What You Need to Know Before You Apply

What is the purpose of this trial?

This trial tests a treatment called corneal collagen crosslinking (CXL) for individuals with keratoconus or corneal ectasia. These conditions cause the cornea, the clear front part of the eye, to thin and take on a cone shape, affecting vision. The trial compares two methods of applying riboflavin (vitamin B2) drops during UV light exposure to determine which is more effective and comfortable. Individuals experiencing worsening vision due to these conditions might be suitable for the trial. Contact lens wearers must stop using them for a week before joining. As a Phase 3 trial, this treatment is in the final step before FDA approval, offering participants the opportunity to contribute to a potentially groundbreaking therapy.

Do I need to stop my current medications for the trial?

The trial information does not specify whether you need to stop taking your current medications. However, contact lens wearers must stop wearing them for 1 week before the screening.

Is there any evidence suggesting that this trial's treatments are likely to be safe?

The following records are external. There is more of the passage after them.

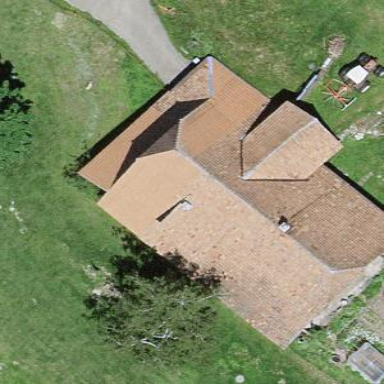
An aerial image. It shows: Farm building.
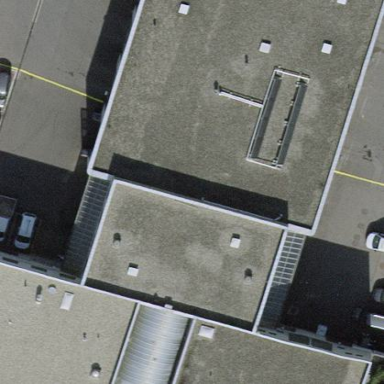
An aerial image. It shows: Building housing car shop.
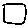
Label: square
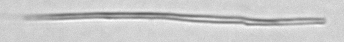
Label: fiber
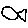
Label: fish
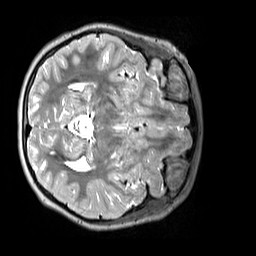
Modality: T2w
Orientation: axial
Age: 10
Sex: female
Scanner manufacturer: siemens
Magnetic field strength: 3 T
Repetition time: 3.2 s
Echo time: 0.408 s
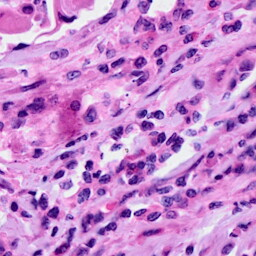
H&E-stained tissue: Cervix
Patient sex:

Research has shown that riboflavin, used in corneal collagen crosslinking (CXL), is generally safe for treating eye conditions like keratoconus and corneal ectasia. In studies involving over 500 eyes, riboflavin was well-tolerated. It strengthens the cornea and protects the inner parts of the eye. Most participants did not experience serious side effects. Some reported mild discomfort or irritation, which is common with eye treatments. Overall, riboflavin eye drops in CXL have a strong safety record, making them a reliable choice for many patients.12345

Why are researchers excited about this trial's treatment?

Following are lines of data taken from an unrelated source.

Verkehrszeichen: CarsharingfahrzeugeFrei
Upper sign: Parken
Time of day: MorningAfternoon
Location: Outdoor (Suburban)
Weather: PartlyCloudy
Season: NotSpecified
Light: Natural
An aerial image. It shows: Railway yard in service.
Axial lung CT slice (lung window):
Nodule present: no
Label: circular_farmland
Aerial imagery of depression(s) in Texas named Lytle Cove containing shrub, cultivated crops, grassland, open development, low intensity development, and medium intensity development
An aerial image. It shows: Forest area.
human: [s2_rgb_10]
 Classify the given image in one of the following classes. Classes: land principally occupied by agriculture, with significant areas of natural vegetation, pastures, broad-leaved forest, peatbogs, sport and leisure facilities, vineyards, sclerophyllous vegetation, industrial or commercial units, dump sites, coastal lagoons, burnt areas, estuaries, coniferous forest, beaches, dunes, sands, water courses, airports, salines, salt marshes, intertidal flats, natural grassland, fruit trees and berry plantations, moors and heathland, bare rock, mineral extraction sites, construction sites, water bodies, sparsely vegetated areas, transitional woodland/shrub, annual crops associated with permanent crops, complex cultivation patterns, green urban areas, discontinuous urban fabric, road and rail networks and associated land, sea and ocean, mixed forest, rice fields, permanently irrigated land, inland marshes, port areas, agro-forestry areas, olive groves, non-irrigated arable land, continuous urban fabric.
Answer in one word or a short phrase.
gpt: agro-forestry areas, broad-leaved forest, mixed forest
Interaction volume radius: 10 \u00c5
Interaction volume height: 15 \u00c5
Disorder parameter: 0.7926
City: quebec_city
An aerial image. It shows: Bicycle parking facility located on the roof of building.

Researchers are excited about corneal collagen crosslinking with riboflavin for keratoconus because it promises a more efficient and potentially more effective treatment approach. Unlike traditional methods that often involve rigid contact lenses or corneal transplants, this treatment uses riboflavin drops combined with UV light to strengthen corneal tissue. The trial explores different dosing intervals of riboflavin drops, every 2 minutes versus every 10 minutes, to potentially enhance the procedure's effectiveness and patient comfort. This technique not only targets the root cause by stabilizing the cornea but also might offer quicker recovery and better long-term outcomes.

What evidence suggests that corneal collagen crosslinking is effective for keratoconus?

Research has shown that riboflavin-assisted corneal collagen crosslinking (CXL) effectively treats keratoconus. Studies have found it can slow or even halt the progression of the condition, particularly in younger individuals, helping to prevent vision loss. Additionally, results indicate a reduction in corneal curvature and improved eyesight. In this trial, participants will receive riboflavin drops at intervals of either every 2 minutes or every 10 minutes during UV exposure to assess the effectiveness of these dosing schedules. Riboflavin strengthens the cornea and protects deeper parts of the eye. Patients have reported more stable and flatter corneas, with no major side effects. Overall, riboflavin CXL is considered a safe and promising treatment for keratoconus.36789

Who Is on the Research Team?

PS

Peter S Hersh, MD

Principal Investigator

Cornea and Laser Eye Institute - Hersh Vision Group

SA

Steven A Greenstein, MD

Principal Investigator

Cornea and Laser Eye Institute - Hersh Vision Group

Are You a Good Fit for This Trial?

This trial is for people aged 12 or older with keratoconus or corneal ectasia, evidenced by specific patterns on a corneal map. Participants must not wear contact lenses for a week before the study and be willing to follow up. It's not for those with significant scarring in the treatment area, very thin corneas, pregnant or nursing women, certain histories of eye disease, conditions affecting epithelial healing, unstable gaze during treatment, or known drug sensitivities.

Inclusion Criteria

I am 12 years old or older.
I have been diagnosed with keratoconus or corneal ectasia after eye surgery.
My eye condition is related to keratoconus or corneal ectasia after surgery.
See 4 more

Exclusion Criteria

I have a history of corneal disease.
A known sensitivity to study medications
Corneal pachymetry measuring 300 microns or less at the thinnest point measured by Pentacam in the eye(s) to be treated
See 7 more

Timeline for a Trial Participant

Screening

Participants are screened for eligibility to participate in the trial

2-4 weeks

Treatment

Participants undergo transepithelial corneal collagen crosslinking with riboflavin administration every 2 or 10 minutes during UV exposure

1 day
1 visit (in-person)

Follow-up

Participants are monitored for safety and effectiveness after treatment, including assessments of keratometry and visual acuity

12 months
Regular visits as per study protocol

What Are the Treatments Tested in This Trial?

Interventions

  • Riboflavin

Trial Overview

The trial tests an 'Epi-on' version of Corneal Collagen Crosslinking (CXL) using Riboflavin (Vitamin B2). Unlike traditional CXL where the top layer of the cornea is removed, this method keeps it intact which may reduce infection risk and improve recovery time while treating keratoconus and post-surgery ectasia.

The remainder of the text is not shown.